The cause of death was not disclosed. He was 96 years old.
The New York Times obit notes LaRouche’s decades-long efforts to achieve the Democratic Presidential nomination and efforts by followers of his to achieve elective office.
He started out as a leftie but made a hard turn to the far right and espoused Anti-Semitic views. He railed against the Rothschilds and the British Royal Family, alleging their involvement in drug running and attempts to subvert U.S. sovereignty.
From the Times obit:
In his efforts to build a worldwide organization, Mr. LaRouche was helped by his wife, Helga Zepp-LaRouche, a native of Germany who had been a journalist there.
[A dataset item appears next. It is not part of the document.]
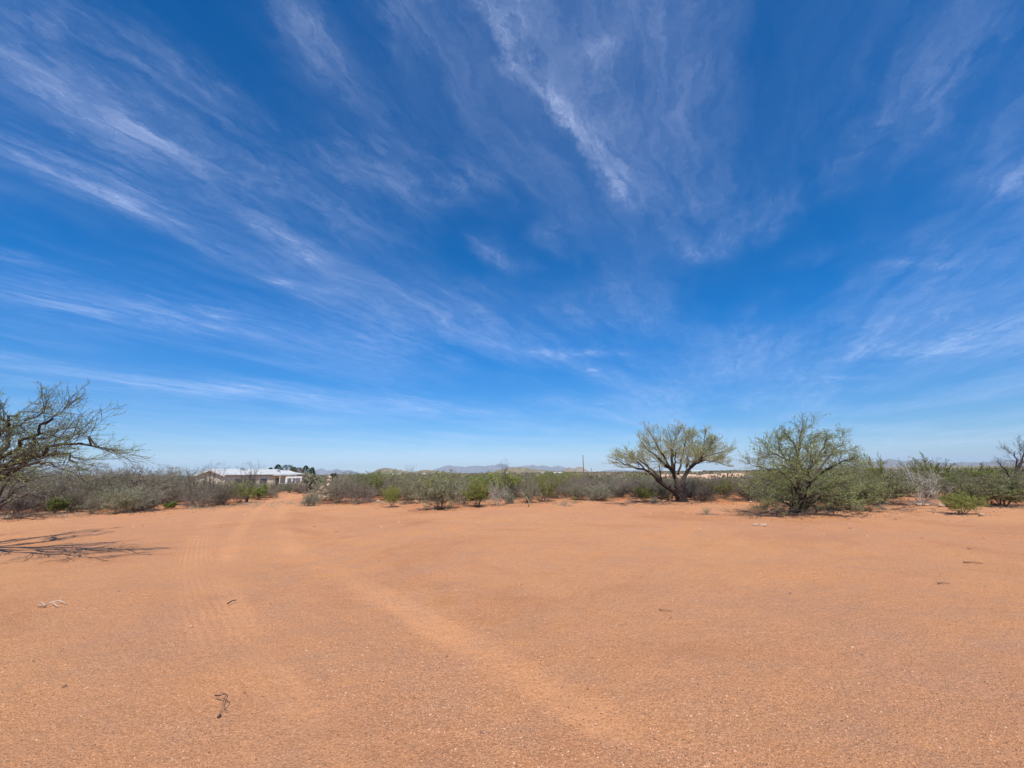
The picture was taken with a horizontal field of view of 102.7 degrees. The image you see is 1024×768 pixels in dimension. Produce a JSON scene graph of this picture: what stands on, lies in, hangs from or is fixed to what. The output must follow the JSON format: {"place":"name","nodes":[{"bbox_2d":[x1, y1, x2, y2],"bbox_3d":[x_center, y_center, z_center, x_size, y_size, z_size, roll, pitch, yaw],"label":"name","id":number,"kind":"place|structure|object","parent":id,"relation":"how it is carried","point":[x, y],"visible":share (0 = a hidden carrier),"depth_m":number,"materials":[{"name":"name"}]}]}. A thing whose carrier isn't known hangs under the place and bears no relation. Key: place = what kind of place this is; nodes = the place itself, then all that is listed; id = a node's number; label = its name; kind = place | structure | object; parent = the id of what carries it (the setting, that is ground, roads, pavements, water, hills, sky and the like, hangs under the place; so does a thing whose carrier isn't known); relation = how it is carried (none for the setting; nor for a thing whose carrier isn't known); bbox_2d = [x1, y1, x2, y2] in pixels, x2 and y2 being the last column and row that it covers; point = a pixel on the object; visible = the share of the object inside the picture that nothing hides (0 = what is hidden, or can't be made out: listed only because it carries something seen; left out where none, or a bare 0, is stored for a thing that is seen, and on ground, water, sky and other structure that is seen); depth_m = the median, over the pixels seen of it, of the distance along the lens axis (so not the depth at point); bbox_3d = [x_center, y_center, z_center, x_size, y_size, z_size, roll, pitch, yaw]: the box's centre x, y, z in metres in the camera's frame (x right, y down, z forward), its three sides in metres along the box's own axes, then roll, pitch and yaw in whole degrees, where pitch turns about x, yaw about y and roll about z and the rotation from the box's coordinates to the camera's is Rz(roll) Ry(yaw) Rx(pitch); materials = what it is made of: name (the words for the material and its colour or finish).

Information about his survivors was not immediately available.
Mr. LaRouche was at the apex of his power in the mid-1980s, when he moved his headquarters to a large rented estate in Northern Virginia, in Round Hill, outside Leesburg. When neighbors wondered aloud why he had turned the estate into an armed camp, rigged with electronic security and patrolled by men with semiautomatic rifles, Mr. LaRouche went on the attack. He said that the Leesburg Garden Club was “a nest of Soviet fellow travelers.”
In 1987, after an F.B.I. investigation, Mr. LaRouche was convicted in Virginia on charges of scheming to defraud the Internal Revenue Service and of deliberately defaulting on more than $30 million in loans from thousands of his supporters. He was sentenced to 15 years in prison and sent to a federal penitentiary in Minnesota.
During the legislative battle over the Affordable Care Act, members of the LaRouche cult often attended Tea Party demonstrations, displaying posters that depicted Barack Obama as Adolph Hitler. But when President Obama first took office, LaRouche warned that the British would try to assassinate him.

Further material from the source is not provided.